When the proportion of immortalized myoblasts in the initial sample is high (figure 14, GMMU3 sample, initial CD 56% is 35.8%), 4 adherent times with repeated adherence are used for adherence, the 5 th CD56 positive rate of 60min differential adherence reaches the maximum 90.46%, the rest interval time is less than 90%, and CD56 positive immortalized myoblasts can be more quickly enriched at the interval time of 60min in adherence 1-4 times, so that the cells are purified. When the proportion of immortalized myoblasts in the starting sample is low (fig. 15, GMMU10 sample, 5.1% for initial CD 56%), the proportion of CD56 positive immortalized myoblasts can reach 61.99% in the 7 th time of repeated adherence for 30min among 4 different adherence time periods, but the cells can be purified faster than in the 60min interval time among the adherence time periods 1-4, which is consistent with the trend of the GMMU3 sample. In conclusion, 60min is selected as the adherent duration of repeated adherence, and satisfactory results can be obtained under different sample conditions.
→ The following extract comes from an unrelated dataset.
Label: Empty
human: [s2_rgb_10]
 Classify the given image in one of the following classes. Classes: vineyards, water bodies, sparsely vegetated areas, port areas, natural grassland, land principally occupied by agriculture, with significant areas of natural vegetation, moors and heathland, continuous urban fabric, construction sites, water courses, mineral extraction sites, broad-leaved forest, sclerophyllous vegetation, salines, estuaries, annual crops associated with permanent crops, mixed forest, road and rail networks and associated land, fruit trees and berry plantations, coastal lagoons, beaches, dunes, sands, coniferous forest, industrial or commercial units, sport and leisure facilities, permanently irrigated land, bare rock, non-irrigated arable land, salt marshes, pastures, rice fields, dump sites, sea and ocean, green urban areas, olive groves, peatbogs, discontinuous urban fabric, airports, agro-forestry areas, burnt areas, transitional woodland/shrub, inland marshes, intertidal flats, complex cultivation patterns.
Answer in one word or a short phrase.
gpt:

In addition, the times of repeated adherence are considered, and the result shows that the adherence is preferably repeated at least 4 times; preferably, the adherence is repeated 4-9 times.
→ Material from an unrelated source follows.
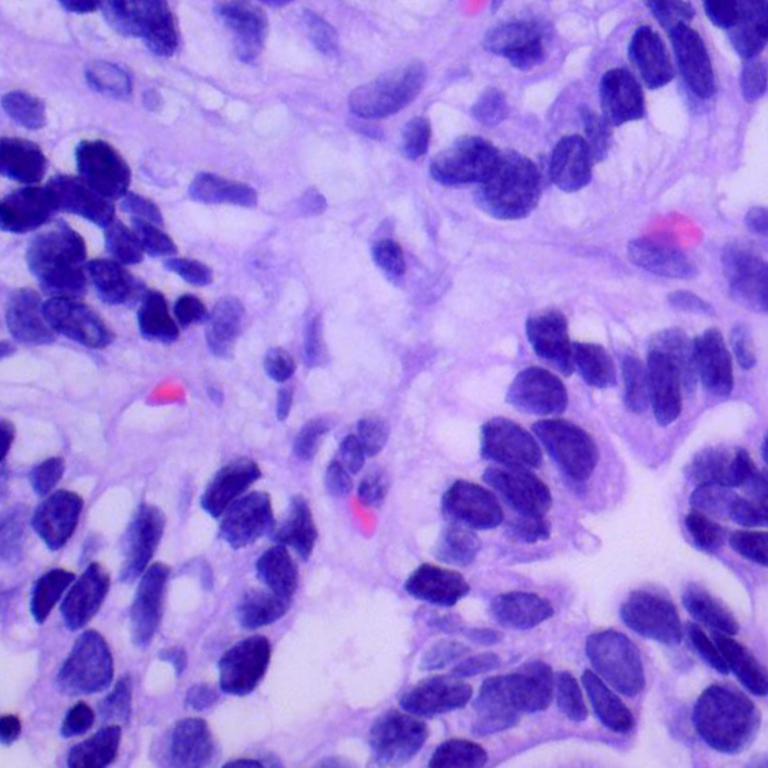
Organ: lung
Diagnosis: adenocarcinomas

Comparative example comparison of the present Process with the original Process
The process of myoblast immortalization consists of a plurality of links and factors, wherein each link and factor has different implementation modes, and the whole process is sensitive to condition influence. How to stably, efficiently and cheaply convert clinical samples with extremely high heterogeneity into immortalized myoblasts is the key.
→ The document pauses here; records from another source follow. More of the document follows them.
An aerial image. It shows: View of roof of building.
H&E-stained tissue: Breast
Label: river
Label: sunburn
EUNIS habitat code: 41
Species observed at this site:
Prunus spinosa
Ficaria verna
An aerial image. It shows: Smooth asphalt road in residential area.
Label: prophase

We combined different implementation methods and combinations of the existing myoblast immortalization steps with a sample with a low initial myoblast proportion (CD56 positive rate of 9.9%) in a clinical sample, and designed experiments to compare the influence of the different implementation methods and combinations on the finally obtained immortalized myoblast.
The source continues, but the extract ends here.